The tentative plan is for a pawn odds match similar to the first Ehlvest match, but with a longer time control and increment (one hour + 30"). However, if the upcoming Ehlvest match proves to be close, we will attempt to find sponsorship for a match of that type instead.
I honestly think he is the most interesting out of the bunch you listed on a previous thread.
After Rybka has won the match don't forget to interview him about chess today and Rybka c/p Deep Blue etc - it makes an interesting read.
A request: please, no pawn odds, may be better, if Rybka lost to
GM Ehlvest, less time to the GM and/or a book. If Rybka wins,
no 3 moves book and more time for GM Benjamin or less time to Rybka.
> please, no pawn odds
I agree. To me pawn odds is not chess, it's just a variation in where one side has a pawn missing. It's like if they played chess 960... Or worse.

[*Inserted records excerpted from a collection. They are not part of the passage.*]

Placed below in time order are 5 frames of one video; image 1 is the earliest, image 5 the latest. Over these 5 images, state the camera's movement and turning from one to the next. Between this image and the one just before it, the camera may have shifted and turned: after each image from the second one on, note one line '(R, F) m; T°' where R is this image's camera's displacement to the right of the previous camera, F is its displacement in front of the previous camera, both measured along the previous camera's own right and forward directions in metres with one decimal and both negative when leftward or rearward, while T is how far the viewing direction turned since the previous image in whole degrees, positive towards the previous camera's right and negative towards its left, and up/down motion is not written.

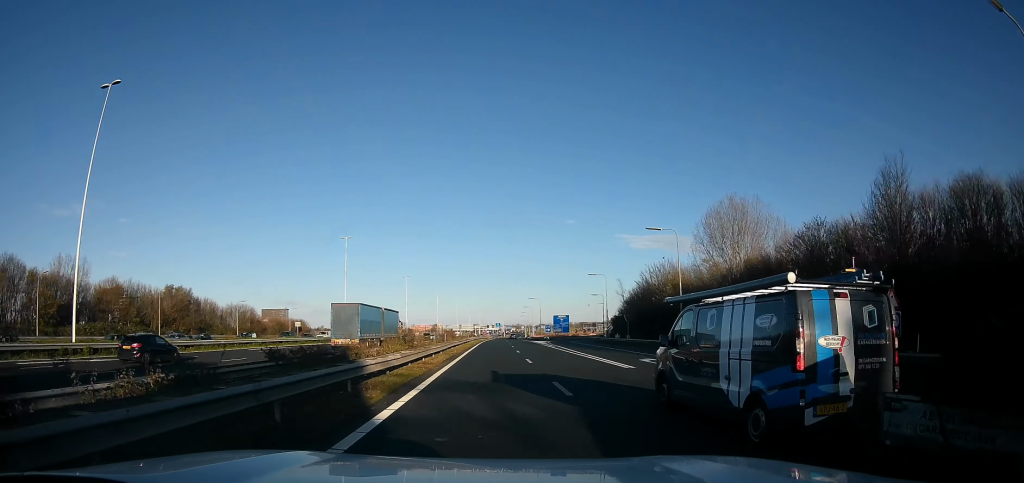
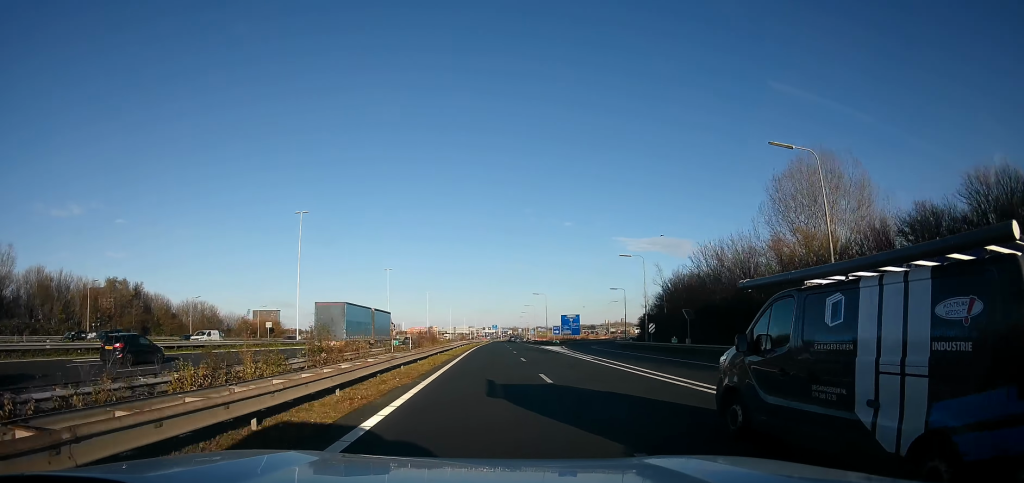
(-0.1, +20.7) m; +2°
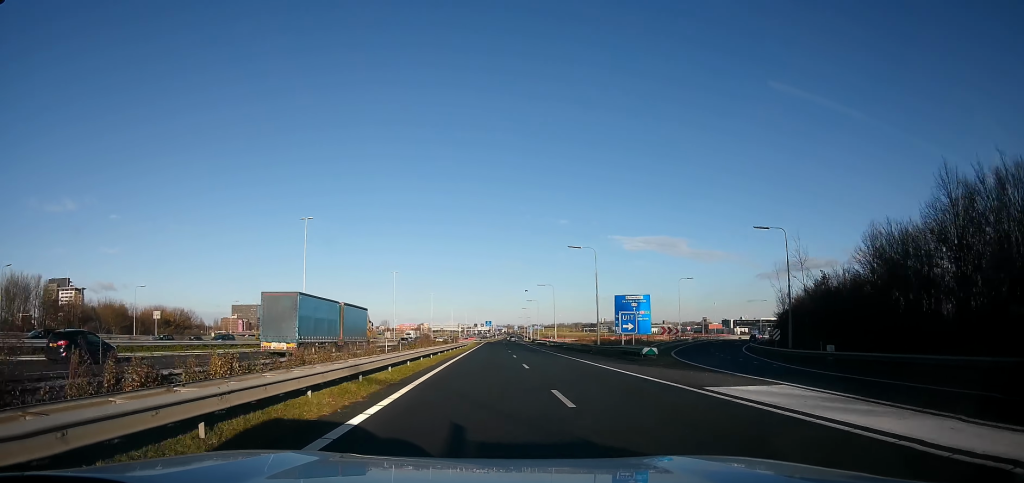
(+1.0, +52.9) m; +1°
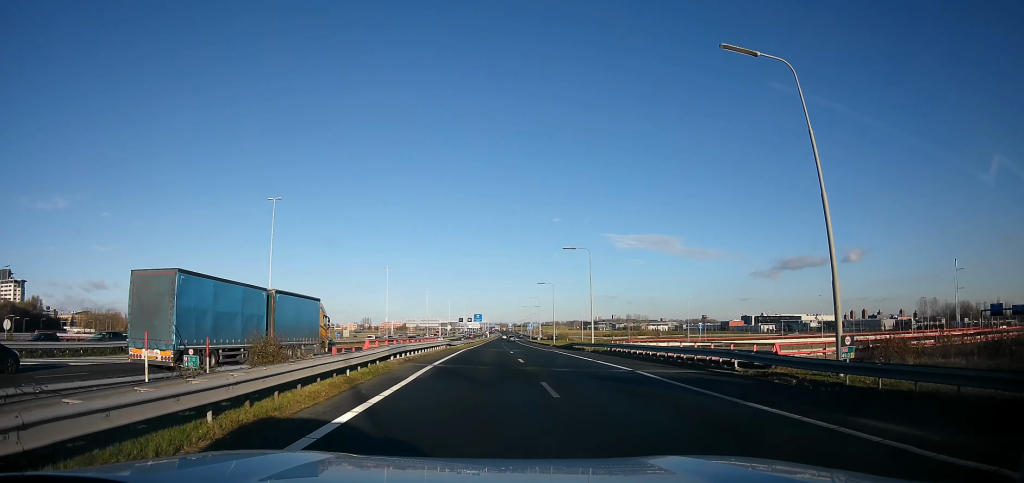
(-1.1, +70.9) m; -4°
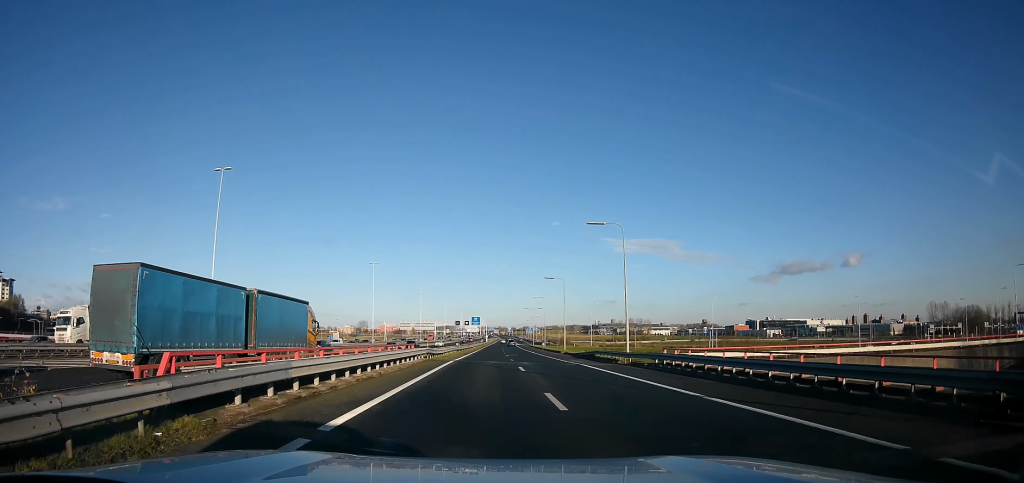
(-0.3, +13.2) m; 0°
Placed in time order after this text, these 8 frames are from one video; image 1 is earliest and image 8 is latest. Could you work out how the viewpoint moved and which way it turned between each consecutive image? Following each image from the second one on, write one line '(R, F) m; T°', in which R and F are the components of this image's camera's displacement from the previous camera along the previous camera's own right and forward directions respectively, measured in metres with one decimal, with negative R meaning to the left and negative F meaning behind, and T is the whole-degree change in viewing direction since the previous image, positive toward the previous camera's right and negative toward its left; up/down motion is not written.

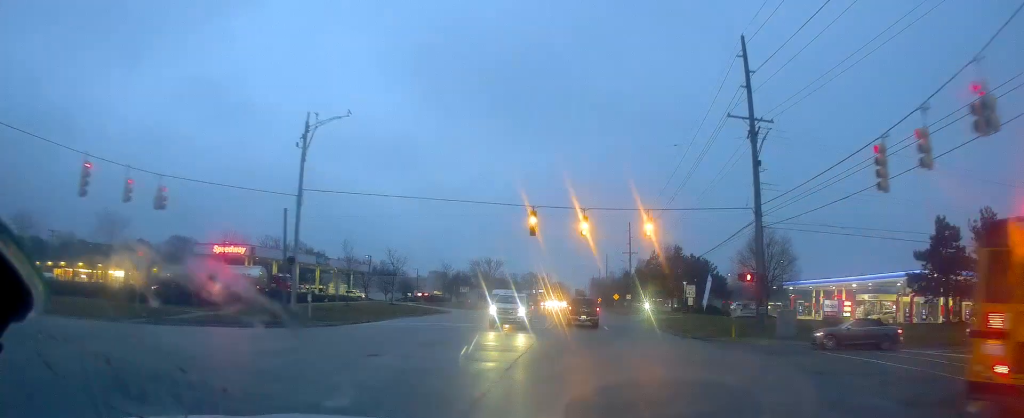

At least some positions are legal:
1. Nf3 Nc6 2. Ng5 Nb8 3. Nxh7 Nc6 4. Ng5 Nb8 5. Nf3 Nc6 6. Ng1 Nb8
But does that look like chess to you?
Could you give Joel a big reward for every game he draws / wins but play him at normal chess?
1. e4 e5 2. Nf3 Bc5 3. Nxe5 d6 4. Nf3 Nf6 5. Bc4 O-O
That looks a lot more like chess to me, I say let Rybka choose what pawn to give up and how (I already explained how long time ago and went unnoticed).
Or you can even make an opening book in where in all lines Rybka sacrifices a pawn or two, then that's still handicap and is still chess.
As for choosing gambits instead, obviously we can't use normal gambits, because then it wouldn't be a handicap. We could devise clearly unsound gambits, but the result would not necessarily be better than just removing a pawn, I think.
Please feel free to restate your old idea, I don't recall it.
>> As for choosing gambits instead, obviously we can't use normal gambits, because then it wouldn't be a handicap. We could devise clearly unsound gambits, but the result would not necessarily be better than just removing a pawn, I think.
The "better" result is psychological for all the persons (me included) that don't like pawn handicaps, and I don't because the starting position is not a legal chess one (Or reaching it requires cooperation from both players). So reaching a position with pawn handicap from the starting position would be the solution (For all the persons that dislike piece handicaps for this reason).
>> Please feel free to restate your old idea, I don't recall it.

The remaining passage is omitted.